◆ **WHAT THIS TASK INVOLVES**:
Retrieve each line that contains the word "canals" from the entries below.

*** SUPPLIED MATERIAL Section Begins ***

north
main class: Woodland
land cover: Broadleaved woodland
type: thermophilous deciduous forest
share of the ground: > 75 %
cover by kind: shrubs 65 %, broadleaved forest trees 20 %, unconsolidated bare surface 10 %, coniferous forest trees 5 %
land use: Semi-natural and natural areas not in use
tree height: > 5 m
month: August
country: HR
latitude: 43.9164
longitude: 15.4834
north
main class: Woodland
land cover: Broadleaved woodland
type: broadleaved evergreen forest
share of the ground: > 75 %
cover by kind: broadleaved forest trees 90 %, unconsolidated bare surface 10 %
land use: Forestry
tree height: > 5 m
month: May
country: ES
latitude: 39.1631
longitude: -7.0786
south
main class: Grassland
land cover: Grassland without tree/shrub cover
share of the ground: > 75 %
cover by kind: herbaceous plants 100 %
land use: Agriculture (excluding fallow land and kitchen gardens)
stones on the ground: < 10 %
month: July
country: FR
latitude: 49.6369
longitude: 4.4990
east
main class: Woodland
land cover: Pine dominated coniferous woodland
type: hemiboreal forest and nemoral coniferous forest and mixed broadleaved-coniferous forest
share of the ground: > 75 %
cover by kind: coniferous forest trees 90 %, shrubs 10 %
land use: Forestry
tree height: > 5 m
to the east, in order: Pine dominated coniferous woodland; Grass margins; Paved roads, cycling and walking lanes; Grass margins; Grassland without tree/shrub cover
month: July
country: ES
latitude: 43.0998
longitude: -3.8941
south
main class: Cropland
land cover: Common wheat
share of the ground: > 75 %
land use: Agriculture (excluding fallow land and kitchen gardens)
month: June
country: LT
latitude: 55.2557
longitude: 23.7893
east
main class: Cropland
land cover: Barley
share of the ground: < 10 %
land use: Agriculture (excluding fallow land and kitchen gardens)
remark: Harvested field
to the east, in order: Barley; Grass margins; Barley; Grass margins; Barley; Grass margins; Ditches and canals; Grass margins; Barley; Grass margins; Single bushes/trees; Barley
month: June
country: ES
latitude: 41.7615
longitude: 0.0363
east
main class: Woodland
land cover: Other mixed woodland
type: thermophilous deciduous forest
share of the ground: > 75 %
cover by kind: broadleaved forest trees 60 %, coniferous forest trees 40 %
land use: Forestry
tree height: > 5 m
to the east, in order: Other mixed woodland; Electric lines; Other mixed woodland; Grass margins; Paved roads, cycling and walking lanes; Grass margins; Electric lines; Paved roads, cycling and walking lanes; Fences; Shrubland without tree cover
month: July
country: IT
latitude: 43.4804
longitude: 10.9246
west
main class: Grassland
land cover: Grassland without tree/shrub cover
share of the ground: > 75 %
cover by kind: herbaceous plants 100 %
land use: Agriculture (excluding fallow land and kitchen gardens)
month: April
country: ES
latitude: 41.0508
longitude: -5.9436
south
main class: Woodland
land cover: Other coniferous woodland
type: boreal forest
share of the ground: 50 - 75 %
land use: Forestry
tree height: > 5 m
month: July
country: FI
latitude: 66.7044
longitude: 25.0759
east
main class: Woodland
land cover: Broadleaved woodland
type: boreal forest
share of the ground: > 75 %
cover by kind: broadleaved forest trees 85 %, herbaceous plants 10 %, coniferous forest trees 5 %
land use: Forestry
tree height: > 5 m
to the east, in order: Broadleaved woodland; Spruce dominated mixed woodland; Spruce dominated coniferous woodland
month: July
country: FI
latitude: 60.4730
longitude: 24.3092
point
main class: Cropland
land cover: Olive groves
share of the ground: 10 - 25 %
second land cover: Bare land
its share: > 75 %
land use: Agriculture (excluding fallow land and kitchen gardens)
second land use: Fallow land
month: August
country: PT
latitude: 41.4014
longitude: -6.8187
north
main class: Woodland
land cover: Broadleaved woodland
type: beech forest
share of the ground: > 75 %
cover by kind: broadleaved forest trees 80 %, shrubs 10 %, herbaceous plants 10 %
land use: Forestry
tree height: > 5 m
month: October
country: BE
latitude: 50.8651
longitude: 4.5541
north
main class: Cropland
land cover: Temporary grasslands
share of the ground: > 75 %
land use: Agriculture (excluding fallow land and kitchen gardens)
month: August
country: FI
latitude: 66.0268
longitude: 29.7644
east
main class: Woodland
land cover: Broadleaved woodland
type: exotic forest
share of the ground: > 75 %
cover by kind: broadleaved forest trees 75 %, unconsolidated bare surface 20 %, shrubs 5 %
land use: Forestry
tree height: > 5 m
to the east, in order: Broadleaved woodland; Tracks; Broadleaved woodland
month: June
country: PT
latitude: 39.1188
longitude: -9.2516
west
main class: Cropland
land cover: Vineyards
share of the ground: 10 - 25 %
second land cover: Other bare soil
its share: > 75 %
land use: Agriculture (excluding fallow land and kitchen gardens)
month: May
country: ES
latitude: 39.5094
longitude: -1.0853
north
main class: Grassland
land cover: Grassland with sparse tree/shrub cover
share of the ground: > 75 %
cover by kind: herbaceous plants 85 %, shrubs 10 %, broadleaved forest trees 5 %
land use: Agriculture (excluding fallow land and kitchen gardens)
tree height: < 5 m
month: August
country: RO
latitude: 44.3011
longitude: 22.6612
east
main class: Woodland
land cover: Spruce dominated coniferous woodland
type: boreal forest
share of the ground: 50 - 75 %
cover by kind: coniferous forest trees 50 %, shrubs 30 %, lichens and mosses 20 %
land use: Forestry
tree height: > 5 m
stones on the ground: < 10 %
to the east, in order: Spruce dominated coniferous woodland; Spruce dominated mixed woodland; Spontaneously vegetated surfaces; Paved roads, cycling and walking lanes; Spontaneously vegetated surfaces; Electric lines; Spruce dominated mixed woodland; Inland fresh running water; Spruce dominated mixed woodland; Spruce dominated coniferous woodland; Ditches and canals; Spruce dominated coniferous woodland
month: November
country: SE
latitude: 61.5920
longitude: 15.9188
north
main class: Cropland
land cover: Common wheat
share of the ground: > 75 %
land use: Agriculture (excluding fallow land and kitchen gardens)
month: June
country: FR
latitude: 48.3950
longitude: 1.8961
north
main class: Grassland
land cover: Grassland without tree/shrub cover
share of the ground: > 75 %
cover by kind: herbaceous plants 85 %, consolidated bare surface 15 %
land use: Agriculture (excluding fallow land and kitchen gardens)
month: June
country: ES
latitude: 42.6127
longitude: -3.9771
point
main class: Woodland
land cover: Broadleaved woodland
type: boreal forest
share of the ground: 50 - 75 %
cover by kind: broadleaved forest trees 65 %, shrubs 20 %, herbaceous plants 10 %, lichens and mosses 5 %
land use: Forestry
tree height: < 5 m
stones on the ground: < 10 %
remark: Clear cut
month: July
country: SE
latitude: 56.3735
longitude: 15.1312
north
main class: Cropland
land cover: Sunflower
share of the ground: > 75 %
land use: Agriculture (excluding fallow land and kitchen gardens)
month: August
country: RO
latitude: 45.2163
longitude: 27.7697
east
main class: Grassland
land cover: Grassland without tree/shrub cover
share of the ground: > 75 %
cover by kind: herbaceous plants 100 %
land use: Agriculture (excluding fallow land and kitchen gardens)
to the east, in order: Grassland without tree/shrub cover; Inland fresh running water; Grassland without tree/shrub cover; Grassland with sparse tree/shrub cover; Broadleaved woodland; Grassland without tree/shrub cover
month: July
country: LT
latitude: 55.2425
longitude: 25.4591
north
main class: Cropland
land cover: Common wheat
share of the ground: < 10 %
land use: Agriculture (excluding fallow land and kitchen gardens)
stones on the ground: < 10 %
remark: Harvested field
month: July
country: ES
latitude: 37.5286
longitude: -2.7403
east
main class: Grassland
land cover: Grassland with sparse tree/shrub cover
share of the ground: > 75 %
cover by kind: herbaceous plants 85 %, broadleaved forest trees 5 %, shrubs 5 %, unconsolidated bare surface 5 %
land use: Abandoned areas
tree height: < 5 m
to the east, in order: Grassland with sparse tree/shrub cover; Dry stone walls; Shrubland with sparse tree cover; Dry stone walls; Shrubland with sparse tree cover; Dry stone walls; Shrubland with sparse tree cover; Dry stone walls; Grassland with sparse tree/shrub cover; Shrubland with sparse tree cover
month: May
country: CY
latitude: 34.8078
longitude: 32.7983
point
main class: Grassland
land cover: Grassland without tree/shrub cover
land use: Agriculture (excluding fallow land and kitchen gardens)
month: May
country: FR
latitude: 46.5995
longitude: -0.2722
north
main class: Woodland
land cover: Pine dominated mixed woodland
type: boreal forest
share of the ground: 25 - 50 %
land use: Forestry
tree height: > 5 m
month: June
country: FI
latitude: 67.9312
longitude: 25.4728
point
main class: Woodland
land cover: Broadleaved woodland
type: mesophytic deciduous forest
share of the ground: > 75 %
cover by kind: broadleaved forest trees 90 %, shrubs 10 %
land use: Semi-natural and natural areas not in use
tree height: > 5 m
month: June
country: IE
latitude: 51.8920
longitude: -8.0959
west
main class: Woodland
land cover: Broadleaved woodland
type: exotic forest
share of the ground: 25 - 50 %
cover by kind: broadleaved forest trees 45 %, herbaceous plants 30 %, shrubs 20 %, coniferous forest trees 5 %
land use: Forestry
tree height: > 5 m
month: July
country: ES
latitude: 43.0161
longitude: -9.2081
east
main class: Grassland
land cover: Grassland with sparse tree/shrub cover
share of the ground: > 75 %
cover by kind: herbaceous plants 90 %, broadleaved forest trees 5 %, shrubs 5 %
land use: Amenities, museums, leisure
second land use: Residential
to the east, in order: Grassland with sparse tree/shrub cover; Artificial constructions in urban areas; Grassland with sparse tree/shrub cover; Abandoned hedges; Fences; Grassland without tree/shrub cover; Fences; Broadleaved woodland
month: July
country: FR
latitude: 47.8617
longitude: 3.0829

*** SUPPLIED MATERIAL Section Ends ***

◆ **TASK RESPONSE**:
to the east, in order: Barley; Grass margins; Barley; Grass margins; Barley; Grass margins; Ditches and canals; Grass margins; Barley; Grass margins; Single bushes/trees; Barley
to the east, in order: Spruce dominated coniferous woodland; Spruce dominated mixed woodland; Spontaneously vegetated surfaces; Paved roads, cycling and walking lanes; Spontaneously vegetated surfaces; Electric lines; Spruce dominated mixed woodland; Inland fresh running water; Spruce dominated mixed woodland; Spruce dominated coniferous woodland; Ditches and canals; Spruce dominated coniferous woodland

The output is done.